Classic, pretty, and delicious specialty from England. Love eating it with a cup of tea of course. Is not as hard as you might think. Really!
recipe adapted from Claire Clark's Indulge
makes 2 cakes
480 g softened unsalted butter
480 g caster sugar
8 medium eggs
2 tsp vanilla
480 g flour
20 g baking powder
red food coloring
yellow food coloring
1 jar apricot preserved, or raspberry preserved
100 g icing sugar
750 g marzipan
Preheat oven to 350F
Grease a 10 X 12 inch cake pan, line with parchment paper, grease the paper as well. Because the batter will be divided into 2 color, you will need a nother piece of parchment paper that will act as a divider. Please visit here on how to. If you have battenburg tin, prepare it according to manufacture's instructions
Sift flour and baking powder onto a piece of parchment paper twice. Set aside.
In a medium bowl, lightly whisk eggs and vanilla. Set aside.

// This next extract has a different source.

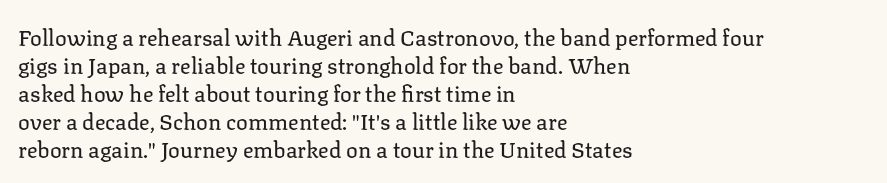
No extra ink here — the face is not bold. Students, observe: this is what conventionally led text looks like. Visually the block forms a straight wall on the left and a jagged coastline on the right. Clear beneath every line of the passage.

Using electric mixer, beat butter and sugar until pale and puffy. Add egg a little at a time, beating well after each addition. Don't forget to scrape the bowl from time to time. Turn off the mixer.
Fold flour carefully using a large spatula into cream mixture in three addition. Do not overmix.
Divide batter in two equal portions. Add a drop of red food coloring in one batter, and yellow to the other. Be very gently not to handle the mixture too heavily.
Transfer the batter onto prepared pan. Bake for 40 to 45 minutes until the cake spring back when gently press. Leave the cake to cool in the pan. Once cooled, refrigerate for at least an hour, but it will be easier to assemble if leave for 24 hours.
Turn the cake onto a clean tray, remove the paper.
Heat apricot, or raspberry preserve until very hot, strain into a bowl.
Using a sharp serrated knife, trim off the edge and the top of of the cake (the brown and hard part from the cake), so you will have flat and even cake. Now cut it into equals strips about an inch wide. Watch the video here. Brush each pieces of the strip with preserve apricot, or raspberry. Arrange them neatly so you will have yellow, and pink in the bottom, then pink and yellow on top, or vise versa. Using the same knife, cut the cake into two equal portions.
Dust work surface with icing sugar. Roll out marzipan into 1/8 inch thick. Brush with hot preserved. Lay one cake on top, cover entirely with marzipan. Repeat in the same manner with the other cake.